Checksums ELI5
I recently had a conversation with a friend who was studying for the CISA, an accounting certification for information systems. His book did a less-than-stellar job of describing the process of ensuring data quality with checksums.
His question originally was:
can you explain hash data?
Well, yes, if you elaborate on what type of hash data you need explained.
The process of applying a mathematical algorithm to the data that travel in the network and placing the results of this operation with the hash data is used for controlling data integrity
Ahhh yes, the use of a checksum. For some, the aforementioned definition is all you need.

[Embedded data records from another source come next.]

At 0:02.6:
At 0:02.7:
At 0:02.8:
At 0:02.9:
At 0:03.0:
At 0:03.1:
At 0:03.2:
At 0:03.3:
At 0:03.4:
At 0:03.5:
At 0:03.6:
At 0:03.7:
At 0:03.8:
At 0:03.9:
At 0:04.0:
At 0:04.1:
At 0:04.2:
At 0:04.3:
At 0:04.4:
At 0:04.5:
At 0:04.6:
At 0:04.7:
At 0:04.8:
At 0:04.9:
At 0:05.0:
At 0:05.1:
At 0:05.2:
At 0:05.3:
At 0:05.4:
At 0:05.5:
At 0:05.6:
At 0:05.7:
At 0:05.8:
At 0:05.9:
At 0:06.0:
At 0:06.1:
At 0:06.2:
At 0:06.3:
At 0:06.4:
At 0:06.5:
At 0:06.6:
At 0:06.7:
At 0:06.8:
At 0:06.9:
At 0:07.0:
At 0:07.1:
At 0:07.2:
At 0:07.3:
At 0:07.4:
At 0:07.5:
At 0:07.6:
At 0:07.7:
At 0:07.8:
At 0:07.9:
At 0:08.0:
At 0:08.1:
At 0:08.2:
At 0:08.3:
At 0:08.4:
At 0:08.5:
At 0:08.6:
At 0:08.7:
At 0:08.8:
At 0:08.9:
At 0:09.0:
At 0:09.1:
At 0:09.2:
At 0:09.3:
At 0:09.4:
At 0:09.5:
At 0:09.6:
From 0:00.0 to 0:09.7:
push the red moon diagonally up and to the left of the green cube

Here’s how using checksums should be explained
Checksums Explained
The Goals
You want to send a file.
You want to make sure that the whole file is sent, and that nothing changed while that file was sent.
The How
Before you send the file, using an algorithm, make a combination of letters and numbers based on the file contents.

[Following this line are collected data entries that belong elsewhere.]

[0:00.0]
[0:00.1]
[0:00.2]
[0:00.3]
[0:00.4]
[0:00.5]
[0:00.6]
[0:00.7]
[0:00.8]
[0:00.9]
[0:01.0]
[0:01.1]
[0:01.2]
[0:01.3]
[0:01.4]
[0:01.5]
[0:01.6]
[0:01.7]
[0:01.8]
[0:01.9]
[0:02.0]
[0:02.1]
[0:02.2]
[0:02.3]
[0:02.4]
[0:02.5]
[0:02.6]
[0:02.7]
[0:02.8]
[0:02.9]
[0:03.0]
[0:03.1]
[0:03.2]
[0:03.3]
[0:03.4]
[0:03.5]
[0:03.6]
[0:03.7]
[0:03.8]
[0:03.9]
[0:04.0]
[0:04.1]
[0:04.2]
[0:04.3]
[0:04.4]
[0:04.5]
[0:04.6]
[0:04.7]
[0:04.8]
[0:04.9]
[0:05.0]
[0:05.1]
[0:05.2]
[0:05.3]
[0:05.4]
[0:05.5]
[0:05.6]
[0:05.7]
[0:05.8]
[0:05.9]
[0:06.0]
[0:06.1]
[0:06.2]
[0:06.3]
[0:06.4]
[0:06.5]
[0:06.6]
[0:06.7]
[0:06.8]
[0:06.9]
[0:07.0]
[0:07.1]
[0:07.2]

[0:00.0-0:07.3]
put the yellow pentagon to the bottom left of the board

Send that unique string of ‘595f44fec1e92a71d3e9e77456ba80d1’ along with the data.
When it gets to where it’s going, apply the same algorithm to the file contents and see if the combination matches.
The Followup
So if it doesn’t match, there is likely a virus or some type of attempted hack?
Exactly! Either the file contents were maliciously tampered with, or some of the data didn’t get transferred accidentally. It’s important to remember that files get transferred in little packets.
Sometimes the packets don’t make it, or the packets are intercepted. Checking the file contents with a checksum(hash) before and after the transfer ensures that the file is the same at both the source and destination.